= Meg Linton =

Meg Linton is an American curator of contemporary art and writer. Her curatorial efforts have ranged from historical investigations such as "Doin’ It in Public: Feminism and Art at the Woman’s Building" (part of the Getty’s initiative Pacific Standard Time: Art in L.A. 1945-1980), "The Los Angeles School: Karl Benjamin, Lorser Feitelson, Frederick Hammersley, June Harwood, Helen Lundeberg, John McLaughlin", and "In the Land of Retinal Delights: The Juxtapoz Factor" to showcasing the work of single artists who are stylistically different such as "Alison Saar: STILL. . .", "Robert Williams: Through Prehensile Eye," and "Joan Tanner: On Tenderhook" to group exhibitions such as "Mexicali Biennial 2010," "Do It Now: Live Green!" and "Tapping the Third Realm."

==Education==
Linton received a B.A. in English from the University of California, Irvine in 1989, and a M.F.A. in Exhibition design from California State University, Fullerton in 1995.

==Career==
Starting in 1999, Linton was the executive director of the Santa Barbara Contemporary Arts Forum for five years and has held many other curatorial and teaching positions in California and New York City.

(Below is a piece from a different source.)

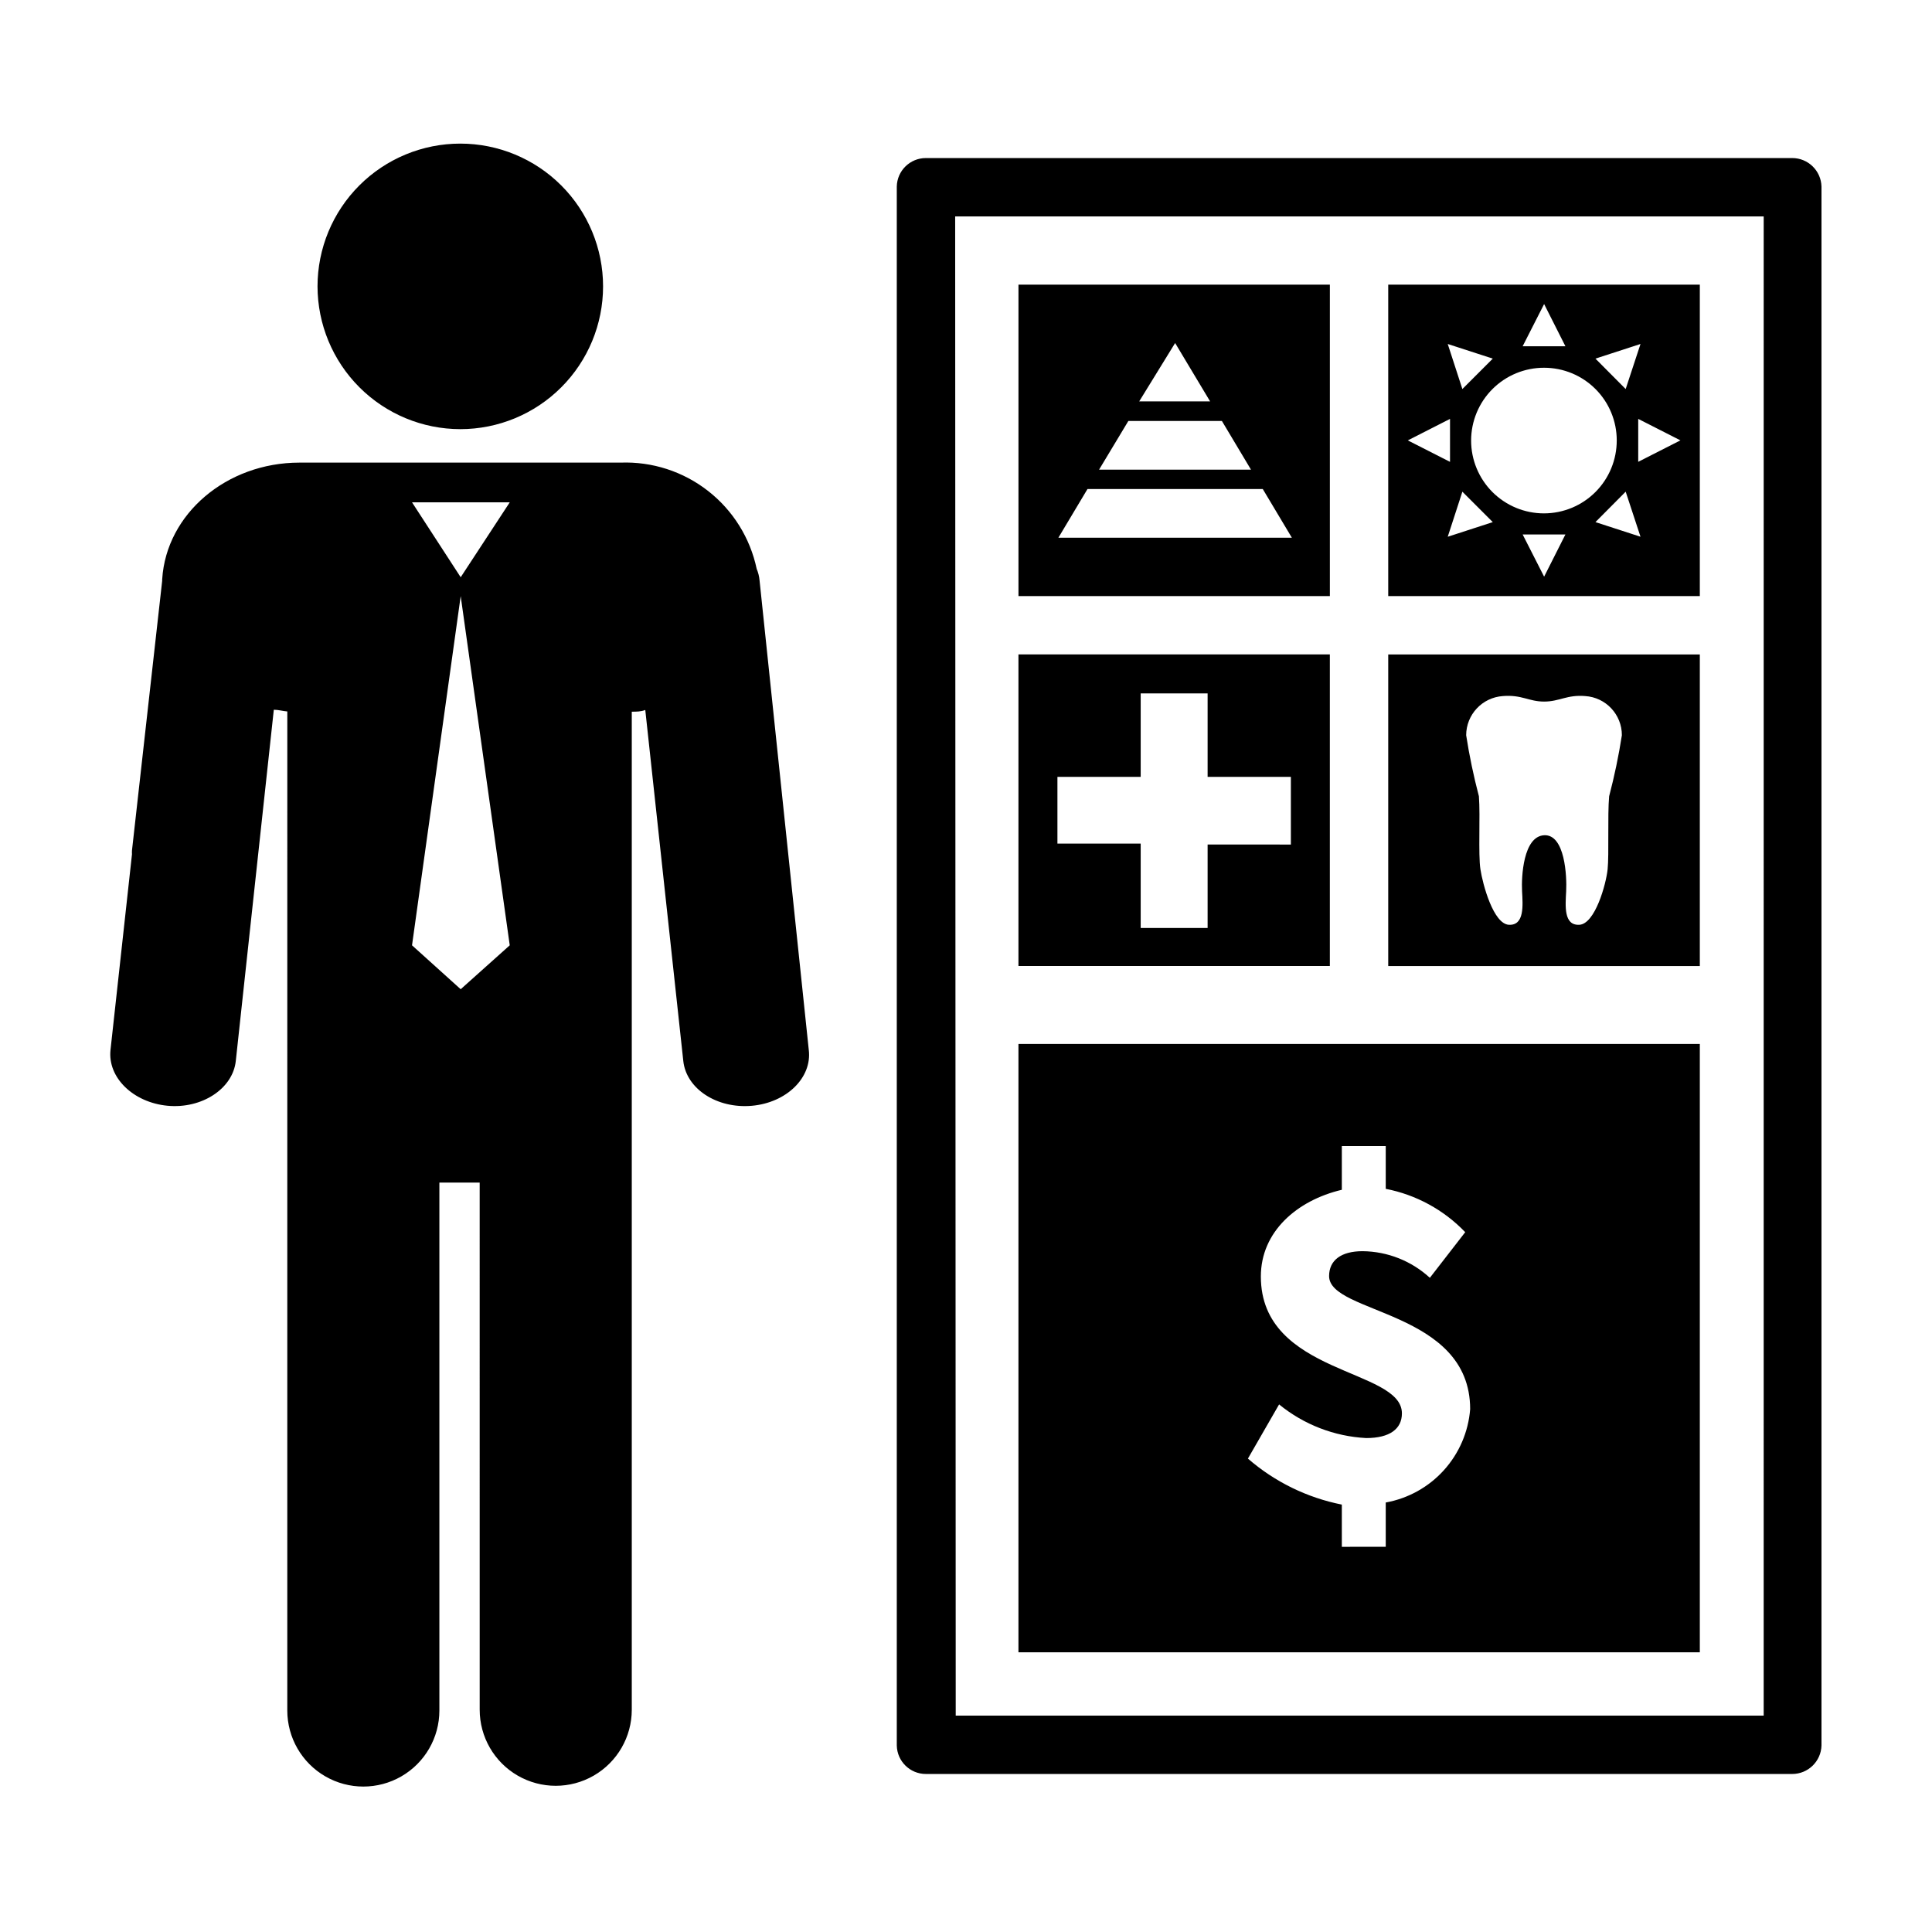 <?xml version="1.0" encoding="UTF-8"?>
<!-- Uploaded to: SVG Repo, www.svgrepo.com, Generator: SVG Repo Mixer Tools -->
<svg fill="#000000" width="800px" height="800px" version="1.1" viewBox="144 144 512 512" xmlns="http://www.w3.org/2000/svg">
 <path d="m413.9 420.66v161.22h180.57v-161.22zm97.336 121.52v11.738l-11.637 0.004v-11.188c-9.215-1.828-17.797-6.031-24.887-12.191l8.262-14.359c6.547 5.352 14.629 8.477 23.074 8.918 6.246 0 9.473-2.418 9.473-6.551 0-11.992-37.383-10.078-37.383-36.273 0-11.84 9.523-20.152 21.461-22.973v-11.586h11.637v11.336c8.039 1.562 15.395 5.574 21.062 11.484l-9.371 12.094c-4.867-4.481-11.223-6.992-17.836-7.055-5.691 0-8.867 2.418-8.867 6.602 0 10.078 37.383 8.969 37.383 35.266-0.473 6.016-2.922 11.703-6.969 16.18-4.047 4.477-9.465 7.484-15.402 8.555zm-97.336-224.75v82.574h82.523v-82.574zm72.195 50.383-22.066-0.004v22.117h-17.734v-22.367h-22.066v-17.684h22.066v-22.117h17.734v22.117h22.066zm132.86 246.31h-229.59c-4.199 0-7.625-3.359-7.707-7.559v-413.12c0.082-4.199 3.508-7.559 7.707-7.559h229.59c4.207 0 7.648 3.352 7.758 7.559v413.12c-0.109 4.207-3.551 7.559-7.758 7.559zm-221.68-15.469h214.12l0.004-397.3h-214.27zm114.62-281.22v82.574h82.574v-82.574zm58.543 37.586c-0.453 5.039 0 15.418-0.402 19.348s-3.324 14.508-7.508 14.711c-4.18 0.203-3.68-5.039-3.477-8.918s-0.301-15.113-5.844-14.812c-5.543 0.301-6.047 11.035-5.844 14.812s0.656 9.117-3.477 8.918c-4.133-0.203-6.953-10.73-7.559-14.711s0-14.055-0.402-19.348v-0.004c-1.402-5.328-2.531-10.727-3.375-16.172 0.016-5.477 4.262-10.008 9.723-10.379 5.039-0.402 6.852 1.461 10.934 1.461s6.047-1.863 10.883-1.461c5.473 0.348 9.734 4.894 9.723 10.379-0.844 5.445-1.973 10.844-3.375 16.172zm-58.543-135.58v82.523h82.574v-82.523zm66.855 15.719-3.93 11.941-8.012-8.062zm-6.297 25.543c0.012 5.125-2.012 10.043-5.629 13.672-3.617 3.629-8.527 5.668-13.652 5.676-5.121 0.004-10.035-2.031-13.66-5.652-3.621-3.625-5.656-8.539-5.652-13.66 0.004-5.125 2.047-10.035 5.676-13.652s8.547-5.641 13.672-5.629c5.106 0 10 2.027 13.609 5.637 3.609 3.609 5.637 8.504 5.637 13.609zm-19.246-36.125 5.644 11.184-11.336 0.004zm-13.602 14.461-8.062 8.062-3.879-11.941zm-11.336 15.973v11.387l-11.184-5.691zm-0.605 31.234 3.879-11.941 8.062 8.062zm25.543 10.578-5.691-11.184h11.336zm13.602-14.461 8.012-8.062 3.93 11.941zm11.336-15.973v-11.379l11.184 5.691zm-164.24-46.953v82.527h82.523v-82.523zm41.516 15.469 9.27 15.469h-18.793zm-12.395 20.656h24.789l7.707 12.898h-40.254zm-18.539 30.934 7.707-12.898h46.453l7.707 12.898zm-196.34-66.602c0-10.035 3.988-19.66 11.082-26.754 7.098-7.098 16.719-11.082 26.754-11.082s19.66 3.984 26.754 11.082c7.098 7.094 11.082 16.719 11.082 26.754 0 10.035-3.984 19.66-11.082 26.754-7.094 7.098-16.719 11.082-26.754 11.082-10.031-0.012-19.645-4.004-26.738-11.098-7.094-7.09-11.082-16.707-11.098-26.738zm117.14 77.891c-0.094-1.043-0.348-2.062-0.758-3.023-1.727-8.195-6.293-15.516-12.895-20.668-6.602-5.152-14.809-7.809-23.176-7.496h-85.094c-19.348 0-35.266 13.602-36.375 30.832-0.027 0.133-0.027 0.27 0 0.402l-8.012 71.543c-0.023 0.336-0.023 0.672 0 1.008l-5.691 51.84c-0.805 7.356 6.047 13.957 15.113 14.812 9.07 0.855 17.281-4.484 18.086-11.84l10.078-93.105c1.211 0 2.367 0.352 3.578 0.453l-0.004 131.45v133.31c0 7.199 3.844 13.855 10.078 17.453 6.234 3.602 13.918 3.602 20.152 0 6.234-3.598 10.074-10.254 10.074-17.453v-139.91h10.68l0.004 139.71c0 7.199 3.84 13.852 10.074 17.453 6.234 3.598 13.918 3.598 20.152 0 6.234-3.602 10.078-10.254 10.078-17.453v-133.31-1.059-130.13c1.211 0 2.418 0 3.578-0.453l10.078 93.055c0.805 7.356 8.918 12.645 18.137 11.84s16.02-7.457 15.113-14.812zm-79.199 108.37-12.898-11.637 12.898-92.551 13 92.551zm0-109.18-12.898-19.852 25.898 0.004z"/>
</svg>

She was the curator and the "Director of Galleries and Exhibitions" at the Ben Maltz Gallery at Otis College of Art and Design in Los Angeles from September 2003 to May 2014. She served as head of Santa Fe’s Center for Contemporary Arts in 2016.

Linton was a co-founder and curator of the Griffin Linton Contemporary Exhibitions in Venice Beach and Costa Mesa, California. She has served on the executive committee for the Southern California Chapter of Art Table and was a board member of the LAX Coastal Area Chamber of Commerce.